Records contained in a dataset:

■ ■ ■

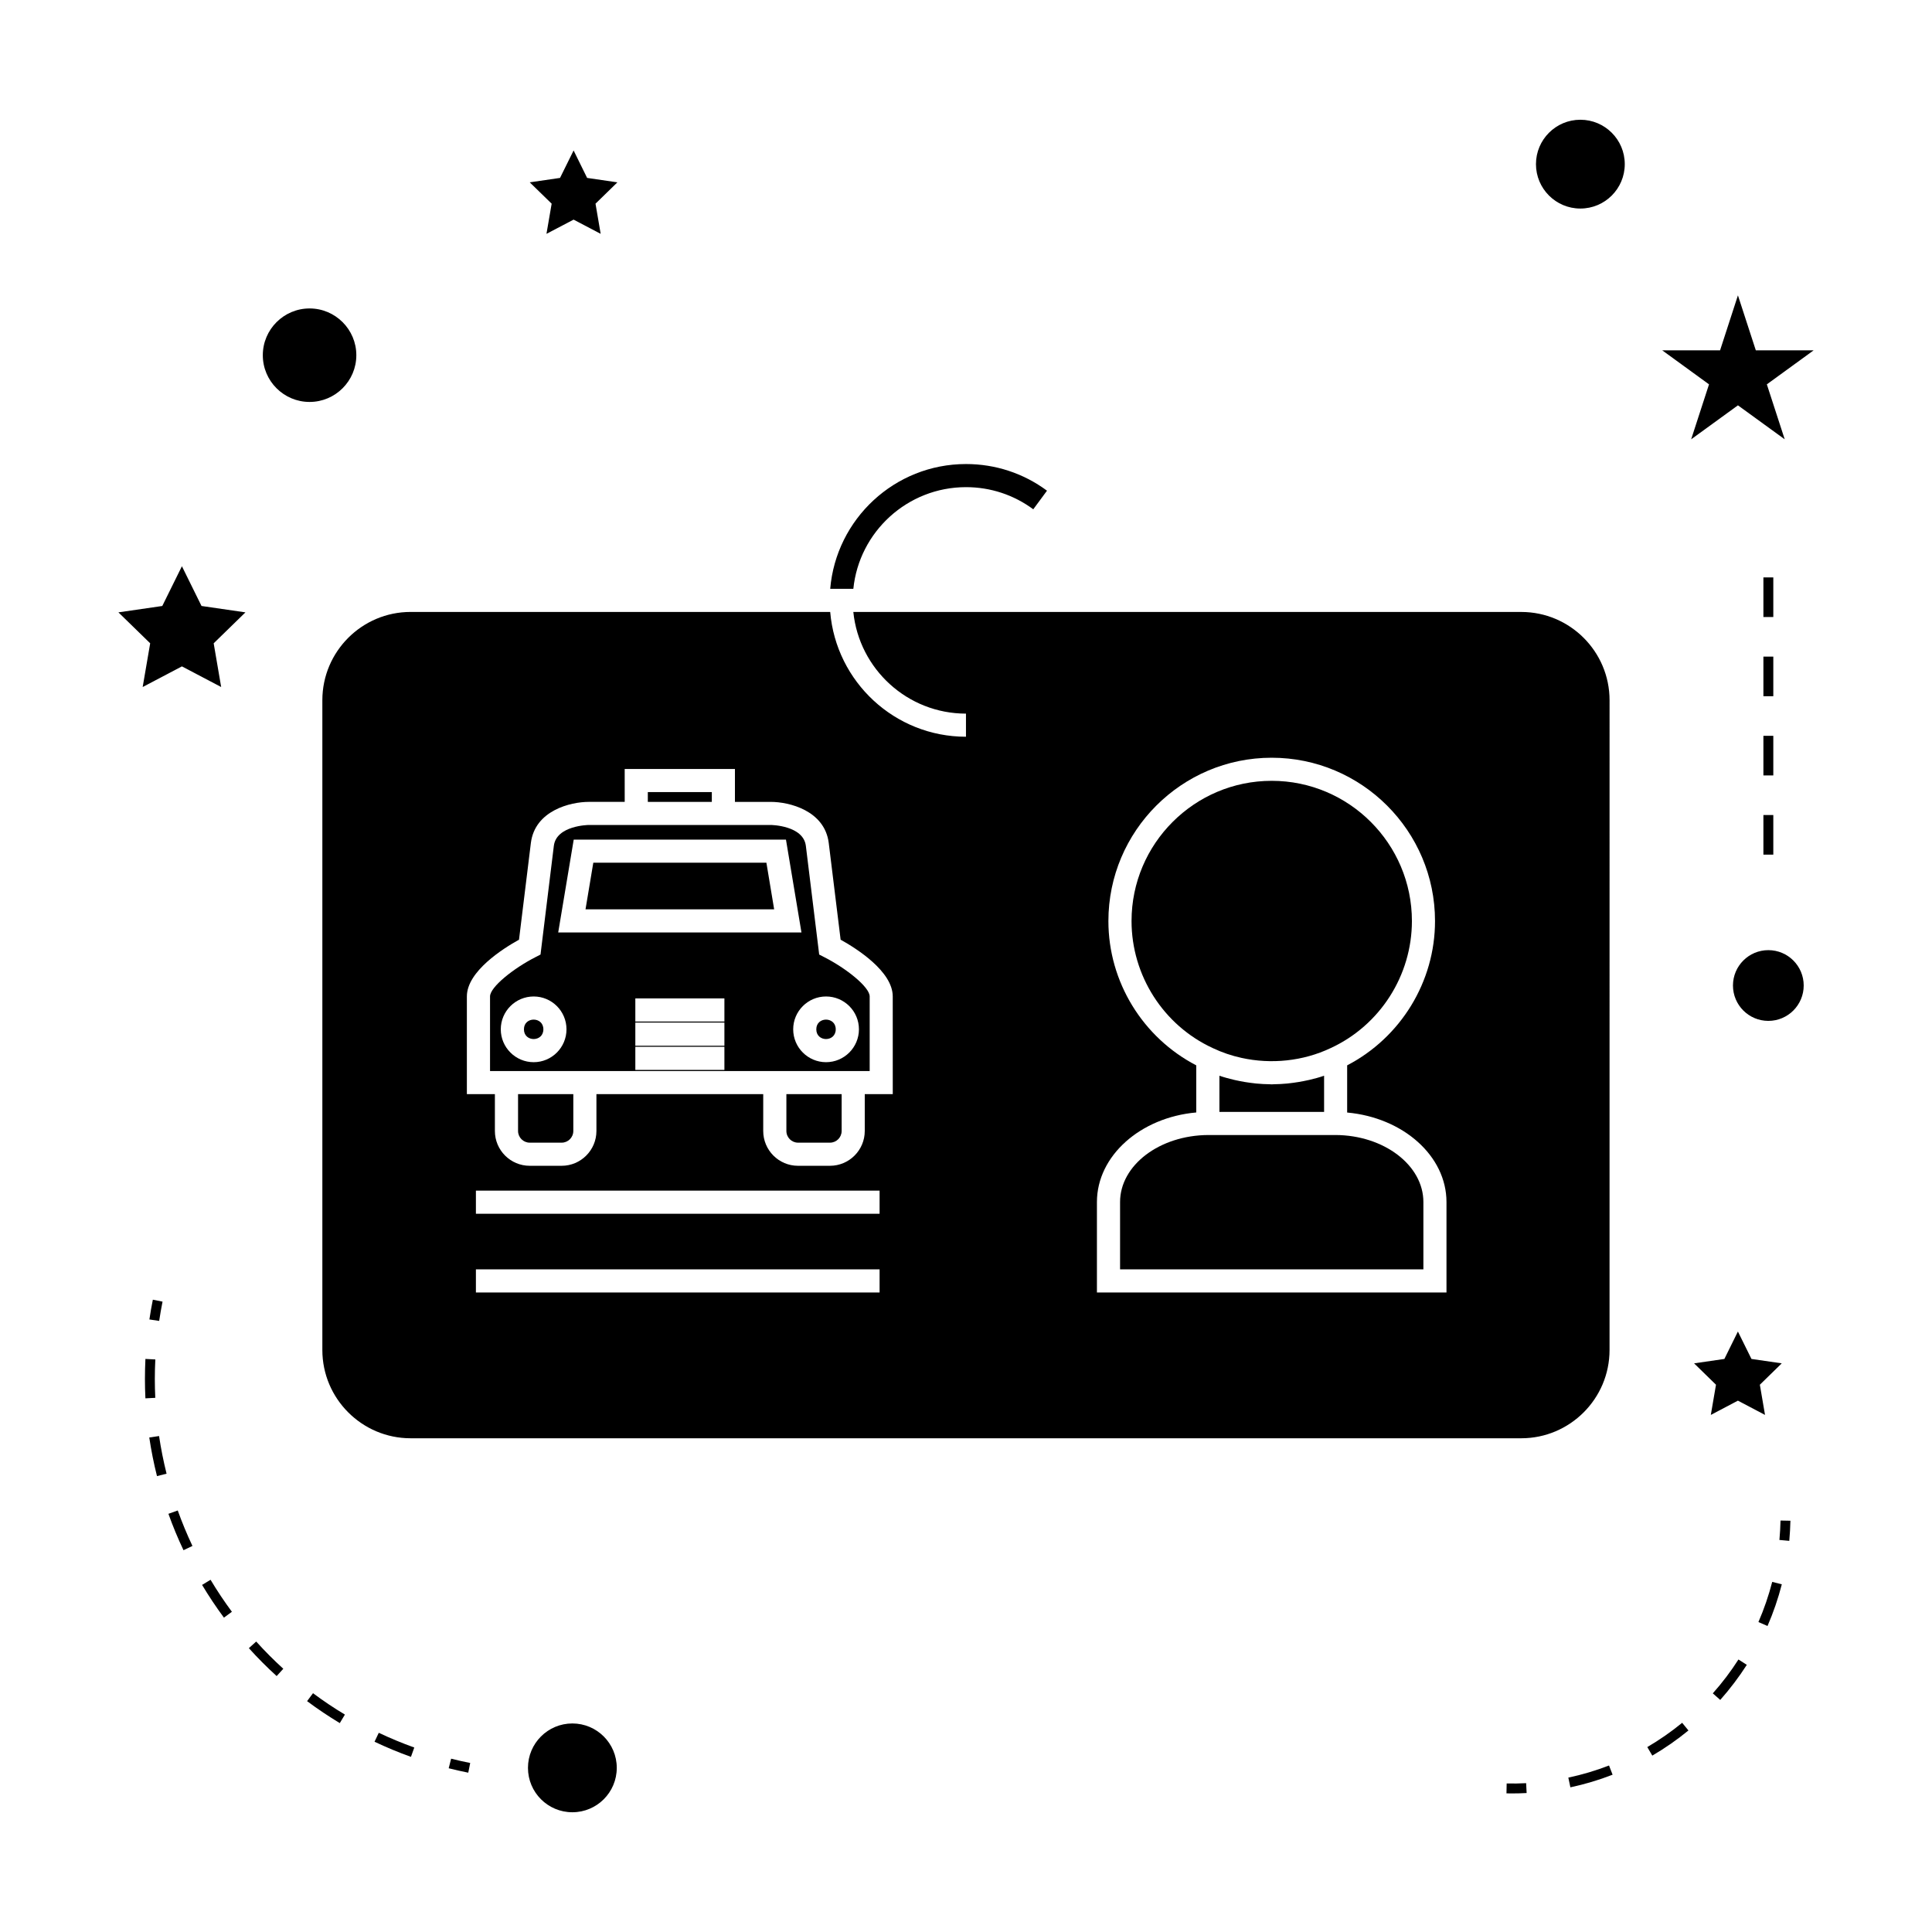 <?xml version="1.0" encoding="UTF-8"?>
<!-- Uploaded to: ICON Repo, www.svgrepo.com, Generator: ICON Repo Mixer Tools -->
<svg fill="#000000" width="800px" height="800px" version="1.1" viewBox="144 144 512 512" xmlns="http://www.w3.org/2000/svg">
 <g>
  <path d="m315.68 353.91h16.961v2.598h-16.961z"/>
  <path d="m465.39 421.75c2.441 1.16 5 2.027 7.625 2.602 7.871 1.738 16.32 0.867 23.625-2.598 13.09-6.039 21.531-19.254 21.531-33.672 0-20.488-16.668-37.156-37.156-37.156-20.484 0-37.145 16.668-37.145 37.156 0 14.41 8.422 27.613 21.48 33.648z"/>
  <path d="m365.48 416.78c0 3.438-5.152 3.438-5.152 0 0-3.434 5.152-3.434 5.152 0"/>
  <path d="m489.47 430.5c-0.906 0.18-1.828 0.332-2.738 0.453-0.52 0.074-1.035 0.141-1.555 0.188-1.234 0.117-2.473 0.188-3.711 0.199-0.148 0-0.301 0.027-0.445 0.027-0.141 0-0.293-0.027-0.441-0.027-1.238-0.012-2.477-0.082-3.711-0.199-0.52-0.047-1.035-0.117-1.547-0.188-0.93-0.121-1.852-0.273-2.766-0.457-0.477-0.102-0.949-0.184-1.422-0.301-1.344-0.316-2.676-0.672-3.977-1.117v9.582h27.742v-9.582c-0.012 0-0.027 0.004-0.031 0.012-1.289 0.441-2.609 0.797-3.938 1.105-0.496 0.109-0.973 0.203-1.461 0.305z"/>
  <path d="m547.16 306.17h-177.02c1.539 15.121 14.336 26.949 29.852 26.949v6.125c-18.898 0-34.422-14.574-35.98-33.074h-111.19c-12.898 0-23.395 10.496-23.395 23.395v172.2c0 12.895 10.496 23.391 23.395 23.391h294.33c12.898 0 23.395-10.496 23.395-23.391l0.004-172.19c0-12.902-10.496-23.398-23.395-23.398zm-170.06 180.35h-106.98v-6.125h106.98zm0-20.859h-106.98v-6.129h106.98zm3.492-31.699h-7.422v9.762c0 5.086-4.141 9.223-9.223 9.223h-8.469c-5.086 0-9.215-4.137-9.215-9.223v-9.762h-44.203v9.762c0 5.086-4.137 9.223-9.215 9.223h-8.469c-5.086 0-9.223-4.137-9.223-9.223v-9.762h-7.426v-25.898c0-6.66 9.637-12.723 13.816-15.035 0.629-5.148 2.609-21.363 3.144-25.633 1.082-8.617 10.512-10.891 15.352-10.891h9.516l-0.004-8.719h29.215v8.723h9.516c4.84 0 14.27 2.277 15.344 10.895 0.539 4.262 2.516 20.473 3.148 25.625 4.176 2.312 13.812 8.383 13.812 15.035zm146.75 52.559h-92.645v-23.961c0-12.27 11.547-22.441 26.32-23.746v-12.484c-14.16-7.363-23.281-22.109-23.281-38.238 0-23.867 19.414-43.285 43.273-43.285 23.867 0 43.285 19.418 43.285 43.285 0 16.113-9.105 30.859-23.285 38.238v12.5c14.824 1.348 26.324 11.492 26.324 23.73v23.961z"/>
  <path d="m497.95 444.79h-33.73c-12.953 0.059-23.391 8.02-23.391 17.766v17.84h80.383v-17.84c0.008-9.746-10.438-17.707-23.262-17.766z"/>
  <path d="m362.54 397.71-1.449-0.746-0.195-1.617s-2.699-22.109-3.336-27.191c-0.676-5.414-9.195-5.531-9.277-5.531h-48.238c-0.078 0-8.598 0.109-9.27 5.527-0.641 5.086-3.336 27.195-3.336 27.195l-0.195 1.617-1.449 0.746c-5.641 2.883-11.93 7.84-11.93 10.355v19.773h100.61v-19.773c0-2.512-6.289-7.477-11.934-10.355zm-77.109 27.781c-4.809 0-8.719-3.91-8.719-8.711 0-4.801 3.91-8.703 8.719-8.703 4.797 0 8.695 3.898 8.695 8.703 0 4.801-3.898 8.711-8.695 8.711zm50.543-1.012v3.066h-23.605v-6.133h23.605zm0-6.414v3.066h-23.605v-6.133h23.605zm0-6.414v3.066h-23.605v-6.125h23.605zm-44.043-20.539 4.109-24.602h56.25l4.106 24.602zm70.977 34.379c-4.797 0-8.703-3.91-8.703-8.711 0-4.801 3.906-8.703 8.703-8.703 4.809 0 8.719 3.898 8.719 8.703-0.004 4.801-3.914 8.711-8.719 8.711z"/>
  <path d="m352.4 443.72c0 1.707 1.387 3.098 3.086 3.098h8.469c1.699 0 3.09-1.391 3.09-3.098v-9.762h-14.645z"/>
  <path d="m281.29 443.72c0 1.707 1.391 3.098 3.09 3.098h8.469c1.699 0 3.086-1.391 3.086-3.098v-9.762h-14.645z"/>
  <path d="m288 416.78c0 3.438-5.152 3.438-5.152 0 0-3.434 5.152-3.434 5.152 0"/>
  <path d="m301.23 372.63-2.062 12.352h49.992l-2.055-12.352z"/>
  <path d="m400 273.1c6.473 0 12.633 2.031 17.828 5.867l3.637-4.93c-6.25-4.625-13.676-7.062-21.469-7.062-18.898 0-34.422 14.574-35.98 33.062h6.129c1.535-15.109 14.34-26.938 29.855-26.938z"/>
  <path d="m307.45 612.5c0 6.5-5.269 11.766-11.766 11.766-6.5 0-11.766-5.266-11.766-11.766 0-6.496 5.266-11.766 11.766-11.766 6.496 0 11.766 5.269 11.766 11.766"/>
  <path d="m192.21 294.06-5.203 10.531-11.625 1.691 8.418 8.199-1.988 11.586 10.398-5.469 10.402 5.469-1.984-11.586 8.414-8.199-11.637-1.691z"/>
  <path d="m288.82 205.97 7.191-3.766 7.172 3.766-1.367-7.992 5.801-5.656-8.023-1.172-3.582-7.277-3.598 7.277-8.027 1.172 5.809 5.656z"/>
  <path d="m592.95 505.3 5.805 5.668-1.371 8 7.18-3.781 7.184 3.781-1.367-8 5.801-5.668-8.027-1.164-3.59-7.269-3.586 7.269z"/>
  <path d="m604.57 222.27-4.734 14.574h-15.324l12.395 9.012-4.731 14.562 12.395-9 12.395 9-4.734-14.562 12.398-9.012h-15.32z"/>
  <path d="m574.58 187.5c0 6.5-5.266 11.766-11.766 11.766-6.496 0-11.766-5.266-11.766-11.766 0-6.496 5.269-11.766 11.766-11.766 6.5 0 11.766 5.269 11.766 11.766"/>
  <path d="m622 405.17c0 5.176-4.195 9.375-9.371 9.375-5.176 0-9.375-4.199-9.375-9.375s4.199-9.371 9.375-9.371c5.176 0 9.371 4.195 9.371 9.371"/>
  <path d="m226.04 250.52c6.832 0 12.391-5.559 12.391-12.391 0-6.828-5.562-12.387-12.391-12.387-6.828 0-12.391 5.562-12.391 12.387-0.008 6.832 5.555 12.391 12.391 12.391z"/>
  <path d="m268.61 611.21c-1.699-0.336-3.391-0.719-5.059-1.141l-0.641 2.539c1.711 0.43 3.438 0.82 5.184 1.172z"/>
  <path d="m183.56 524.95c0.508 3.426 1.195 6.875 2.043 10.234l2.539-0.641c-0.82-3.281-1.492-6.641-1.988-9.977z"/>
  <path d="m244.38 603.21-1.125 2.367c3.133 1.484 6.383 2.84 9.652 4.008l0.883-2.473c-3.191-1.141-6.348-2.461-9.41-3.902z"/>
  <path d="m182.41 509.43c0 1.723 0.043 3.434 0.125 5.144l2.617-0.133c-0.082-1.66-0.121-3.332-0.121-5.012 0-1.715 0.047-3.438 0.133-5.164l-2.625-0.133c-0.082 1.77-0.129 3.539-0.129 5.297z"/>
  <path d="m219.08 586.24c-2.516-2.289-4.93-4.707-7.184-7.215l-1.945 1.754c2.312 2.57 4.797 5.062 7.363 7.398z"/>
  <path d="m195 553.69c-1.449-3.066-2.762-6.234-3.894-9.398l-2.473 0.883c1.156 3.246 2.504 6.496 3.996 9.645z"/>
  <path d="m199.8 562.66-2.246 1.355c1.777 2.969 3.731 5.894 5.793 8.68l2.109-1.559c-2.016-2.719-3.914-5.566-5.656-8.477z"/>
  <path d="m225.38 594.82c2.785 2.078 5.711 4.039 8.668 5.82l1.355-2.258c-2.891-1.73-5.742-3.641-8.453-5.668z"/>
  <path d="m183.59 493.67 2.594 0.383c0.25-1.699 0.551-3.402 0.891-5.106l-2.57-0.516c-0.352 1.746-0.656 3.488-0.914 5.238z"/>
  <path d="m618.48 547.01-2.625-0.051c-0.043 1.727-0.133 3.441-0.289 5.144l2.613 0.242c0.156-1.77 0.258-3.543 0.301-5.336z"/>
  <path d="m599.88 594.5c2.582-2.914 4.949-6.039 7.043-9.301l-2.215-1.418c-2.012 3.144-4.293 6.168-6.797 8.973z"/>
  <path d="m589.79 600.56c-2.902 2.379-6.008 4.539-9.238 6.43l1.324 2.266c3.352-1.957 6.57-4.203 9.578-6.664z"/>
  <path d="m610 573.86 2.41 1.043c1.547-3.562 2.824-7.277 3.789-11.043l-2.543-0.645c-0.938 3.629-2.164 7.207-3.656 10.645z"/>
  <path d="m560.17 617.66c3.793-0.809 7.551-1.93 11.184-3.344l-0.945-2.441c-3.5 1.355-7.125 2.434-10.785 3.211z"/>
  <path d="m543.23 619.26c0.508 0.012 1.008 0.016 1.512 0.016 1.281 0 2.562-0.031 3.832-0.105l-0.133-2.613c-1.711 0.09-3.422 0.121-5.16 0.078z"/>
  <path d="m611.32 339h2.625v10.496h-2.625z"/>
  <path d="m611.32 297.02h2.625v10.496h-2.625z"/>
  <path d="m611.32 359.99h2.625v10.496h-2.625z"/>
  <path d="m611.32 318.01h2.625v10.496h-2.625z"/>
 </g>
</svg>

■ ■ ■

● PROMPT:
As listed above, the lines from the line with "2.539c1.711 0.43 3.438" to the line with "617.66c3.793-0.809 7.551-1.93 11.184-3.344l-0.945-2.441c-3.5" are to be echoed exactly, with both ends included and nothing added.

● ANSWER TO THIS TASK:
  <path d="m268.61 611.21c-1.699-0.336-3.391-0.719-5.059-1.141l-0.641 2.539c1.711 0.43 3.438 0.82 5.184 1.172z"/>
  <path d="m183.56 524.95c0.508 3.426 1.195 6.875 2.043 10.234l2.539-0.641c-0.82-3.281-1.492-6.641-1.988-9.977z"/>
  <path d="m244.38 603.21-1.125 2.367c3.133 1.484 6.383 2.84 9.652 4.008l0.883-2.473c-3.191-1.141-6.348-2.461-9.41-3.902z"/>
  <path d="m182.41 509.43c0 1.723 0.043 3.434 0.125 5.144l2.617-0.133c-0.082-1.66-0.121-3.332-0.121-5.012 0-1.715 0.047-3.438 0.133-5.164l-2.625-0.133c-0.082 1.77-0.129 3.539-0.129 5.297z"/>
  <path d="m219.08 586.24c-2.516-2.289-4.93-4.707-7.184-7.215l-1.945 1.754c2.312 2.57 4.797 5.062 7.363 7.398z"/>
  <path d="m195 553.69c-1.449-3.066-2.762-6.234-3.894-9.398l-2.473 0.883c1.156 3.246 2.504 6.496 3.996 9.645z"/>
  <path d="m199.8 562.66-2.246 1.355c1.777 2.969 3.731 5.894 5.793 8.68l2.109-1.559c-2.016-2.719-3.914-5.566-5.656-8.477z"/>
  <path d="m225.38 594.82c2.785 2.078 5.711 4.039 8.668 5.82l1.355-2.258c-2.891-1.73-5.742-3.641-8.453-5.668z"/>
  <path d="m183.59 493.67 2.594 0.383c0.25-1.699 0.551-3.402 0.891-5.106l-2.57-0.516c-0.352 1.746-0.656 3.488-0.914 5.238z"/>
  <path d="m618.48 547.01-2.625-0.051c-0.043 1.727-0.133 3.441-0.289 5.144l2.613 0.242c0.156-1.77 0.258-3.543 0.301-5.336z"/>
  <path d="m599.88 594.5c2.582-2.914 4.949-6.039 7.043-9.301l-2.215-1.418c-2.012 3.144-4.293 6.168-6.797 8.973z"/>
  <path d="m589.79 600.56c-2.902 2.379-6.008 4.539-9.238 6.43l1.324 2.266c3.352-1.957 6.57-4.203 9.578-6.664z"/>
  <path d="m610 573.86 2.41 1.043c1.547-3.562 2.824-7.277 3.789-11.043l-2.543-0.645c-0.938 3.629-2.164 7.207-3.656 10.645z"/>
  <path d="m560.17 617.66c3.793-0.809 7.551-1.93 11.184-3.344l-0.945-2.441c-3.5 1.355-7.125 2.434-10.785 3.211z"/>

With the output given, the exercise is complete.